*** EXCERPTED DATA

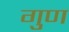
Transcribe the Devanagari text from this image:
गुण
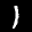
Label: 1
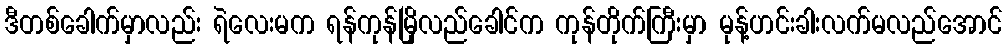
ဒီတစ်ခေါက်မှာလည်း ရဲလေးမက ရန်ကုန်မြိုလည်ခေါင်က ကုန်တိုက်ကြီးမှာ မုန့်ဟင်းခါးလက်မလည်အောင်
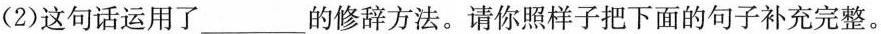
(2)这句话运用了___的修辞方法。请你照样子把下面的句子补充完整。
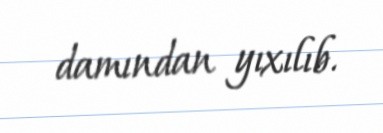
damından yıxılıb.
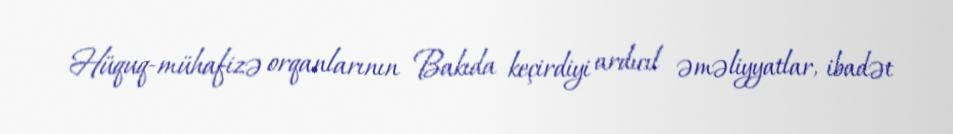
Hüquq-mühafizə orqanlarının Bakıda keçirdiyi ardıcıl əməliyyatlar, ibadət
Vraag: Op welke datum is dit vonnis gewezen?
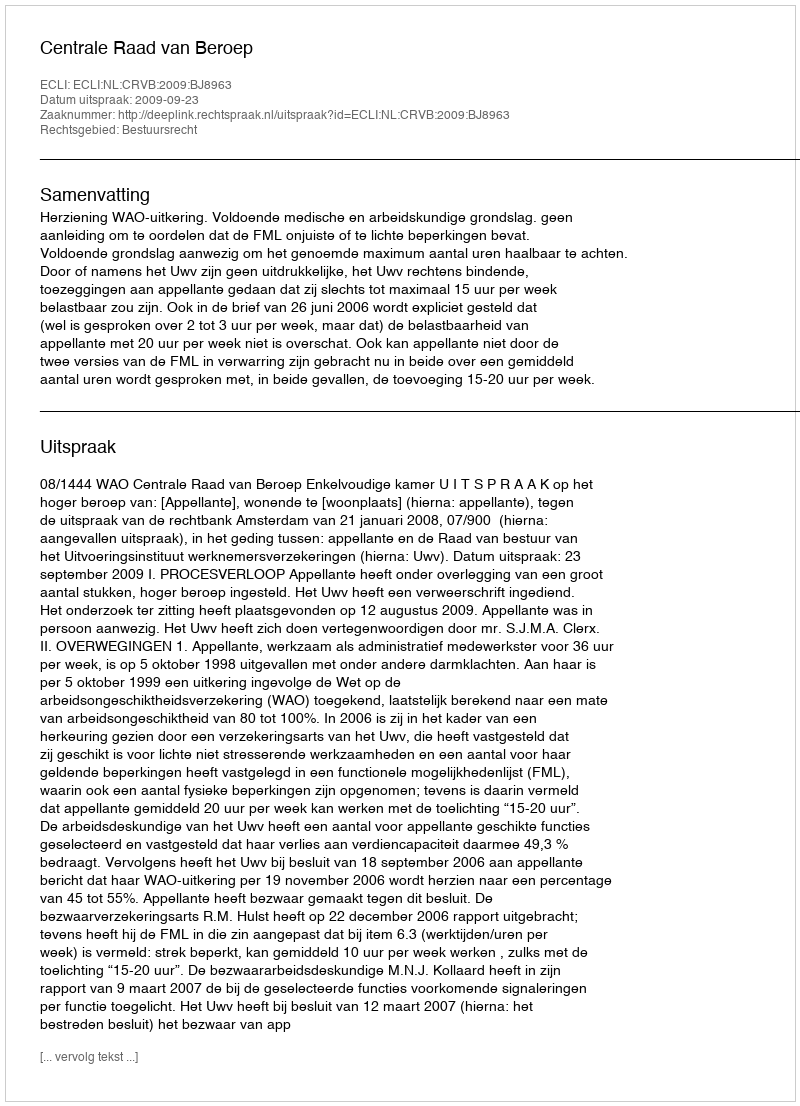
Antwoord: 2009-09-23
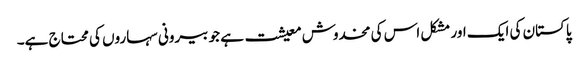
پاکستان کی ایک اور مشکل اس کی مخدوش معیشت ہے جو بیرونی سہاروں کی محتاج ہے۔
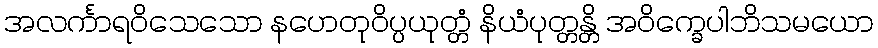
အလင်္ကာရဝိသေသော နဟေတုဝိပ္ပယုတ္တံ နိယံပုတ္တန္တိ အဝိက္ခေပါဘိသမယော
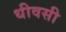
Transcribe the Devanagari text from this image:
धीवसी
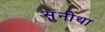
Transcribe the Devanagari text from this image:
सुनीथा
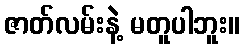
ဇာတ်လမ်းနဲ့ မတူပါဘူး။
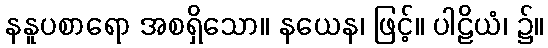
နနူပစာရော အစရှိသော။ နယေန၊ ဖြင့်။ ပါဠိယံ၊ ၌။
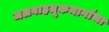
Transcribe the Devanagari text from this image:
जलवाहतूकमार्गाचा
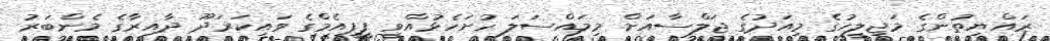
ރައްޔިތުންގެ މަޖިލީހުގެ މިއަދުގެ ޖަލްސާއަށް މިމައްސަލަ ހުށަހެޅުއްވީ ޕީޕީއެމްގެ ވައިކަރަދޫ ދާއިރާގެ މެންބަރު
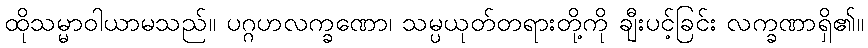
ထိုသမ္မာဝါယာမသည်။ ပဂ္ဂဟလက္ခဏော၊ သမ္ပယုတ်တရားတို့ကို ချီးပင့်ခြင်း လက္ခဏာရှိ၏။
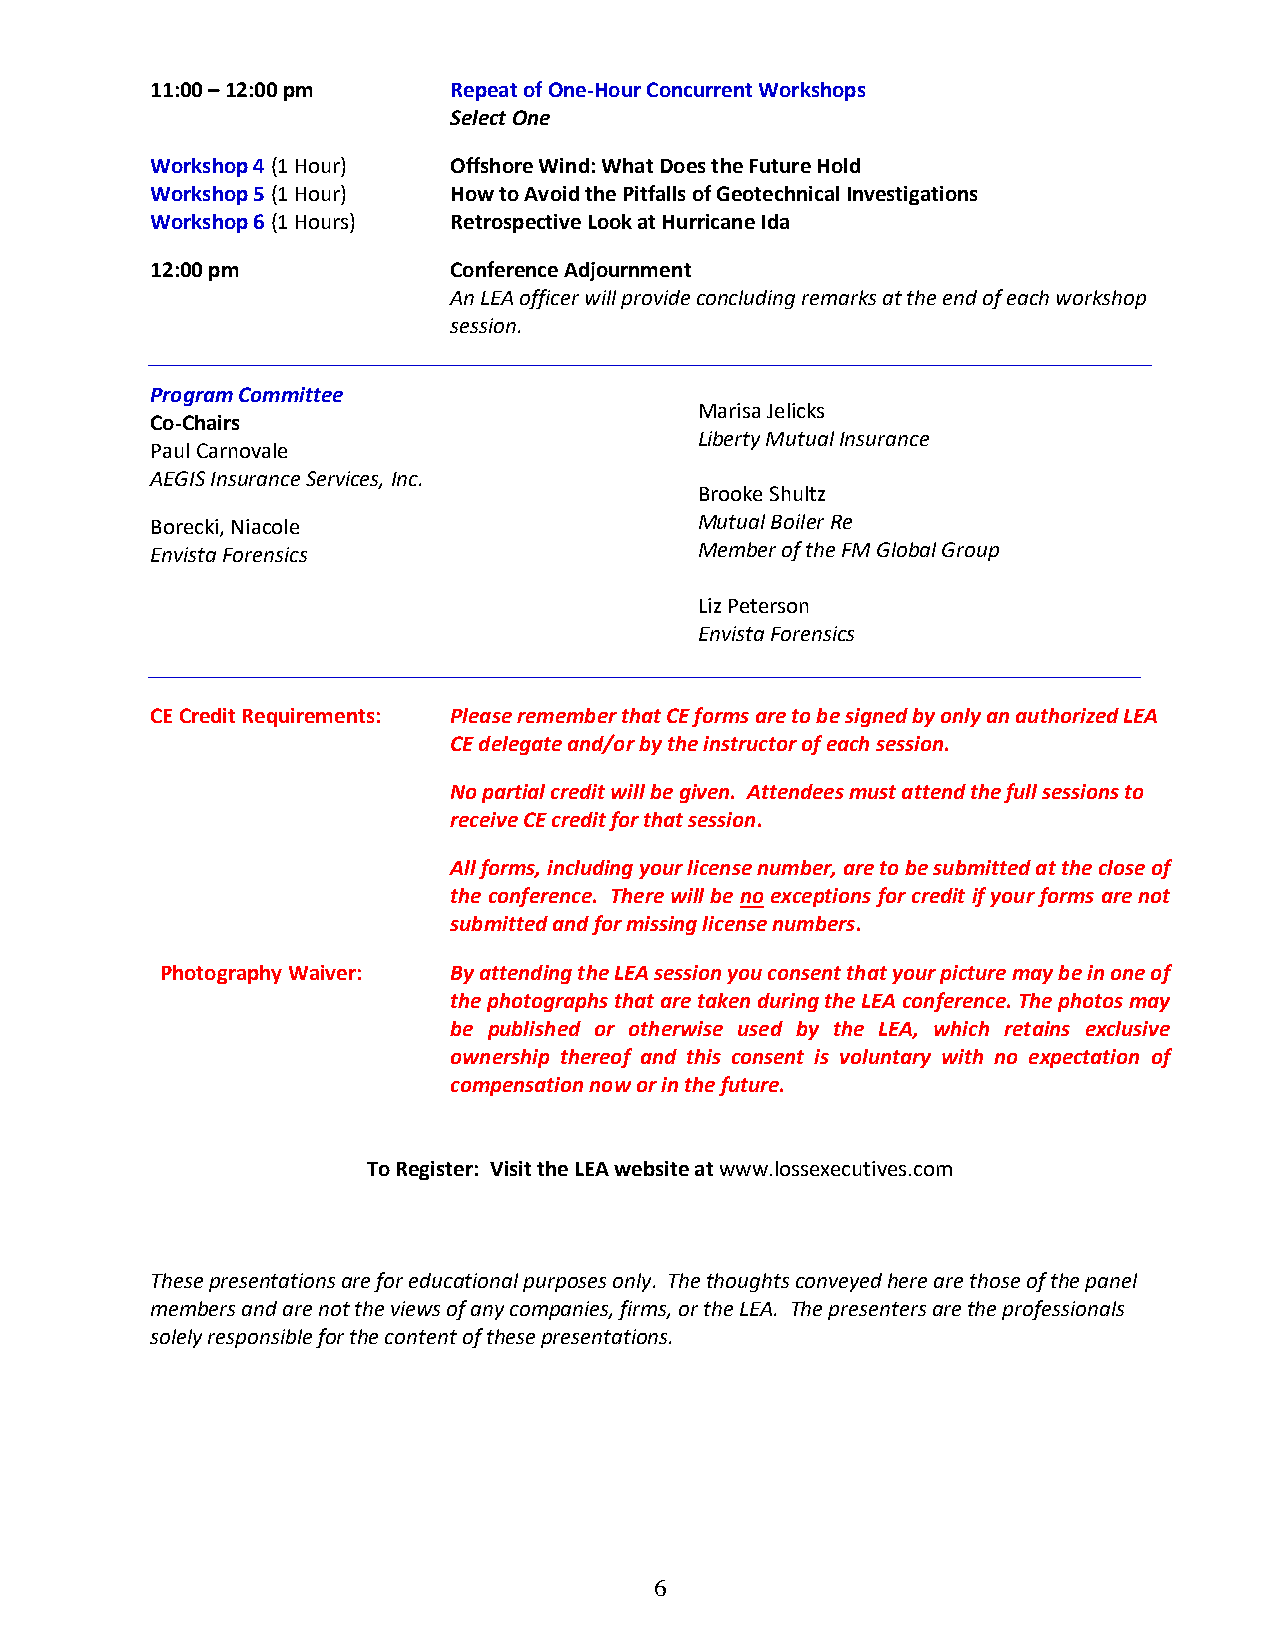
11:00 – 12:00 pm    Repeat of One-Hour Concurrent Workshops
 Select One
 Workshop 4 (1 Hour) Offshore Wind: What Does the Future Hold
 Workshop 5 (1 Hour) How to Avoid the Pitfalls of Geotechnical Investigations
 Workshop 6 (1 Hours) Retrospective Look at Hurricane Ida
 12:00 pm            Conference Adjournment
 An LEA officer will provide concluding remarks at the end of each workshop
 session.
 ________________________________________________________________________________________
 Program Committee
 Marisa Jelicks
 Co-Chairs
 Liberty Mutual Insurance
 Paul Carnovale
 AEGIS Insurance Services, Inc.
 Brooke Shultz
 Borecki, Niacole                    Mutual Boiler Re
 Envista Forensics                   Member of the FM Global Group
 Liz Peterson
 Envista Forensics
 _______________________________________________________________________________________
 CE Credit Requirements: Please remember that CE forms are to be signed by only an authorized LEA
 CE delegate and/or by the instructor of each session.
 No partial credit will be given. Attendees must attend the full sessions to
 receive CE credit for that session.
 All forms, including your license number, are to be submitted at the close of
 the conference. There will be no exceptions for credit if your forms are not
 submitted and for missing license numbers.
 Photography Waiver: By attending the LEA session you consent that your picture may be in one of
 the photographs that are taken during the LEA conference. The photos may
 be published or otherwise used by the LEA, which retains exclusive
 ownership thereof and this consent is voluntary with no expectation of
 compensation now or in the future.
 To Register: Visit the LEA website at www.lossexecutives.com
 These presentations are for educational purposes only. The thoughts conveyed here are those of the panel
 members and are not the views of any companies, firms, or the LEA. The presenters are the professionals
 solely responsible for the content of these presentations.
 6
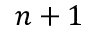
n + 1
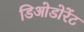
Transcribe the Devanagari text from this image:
डिओडोरेंट
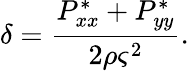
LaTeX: \delta=\frac{P_{xx}^{*}+P_{yy}^{*}}{2\rho\varsigma^{2}}.
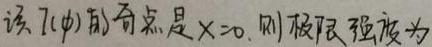
该 \(f(z)\) 的奇点是 \(z = 0\), 则极限强度为

******

The expected output is each line of the records above that includes the word "license".

• ANSWER SECTION
 All forms, including your license number, are to be submitted at the close of
 submitted and for missing license numbers.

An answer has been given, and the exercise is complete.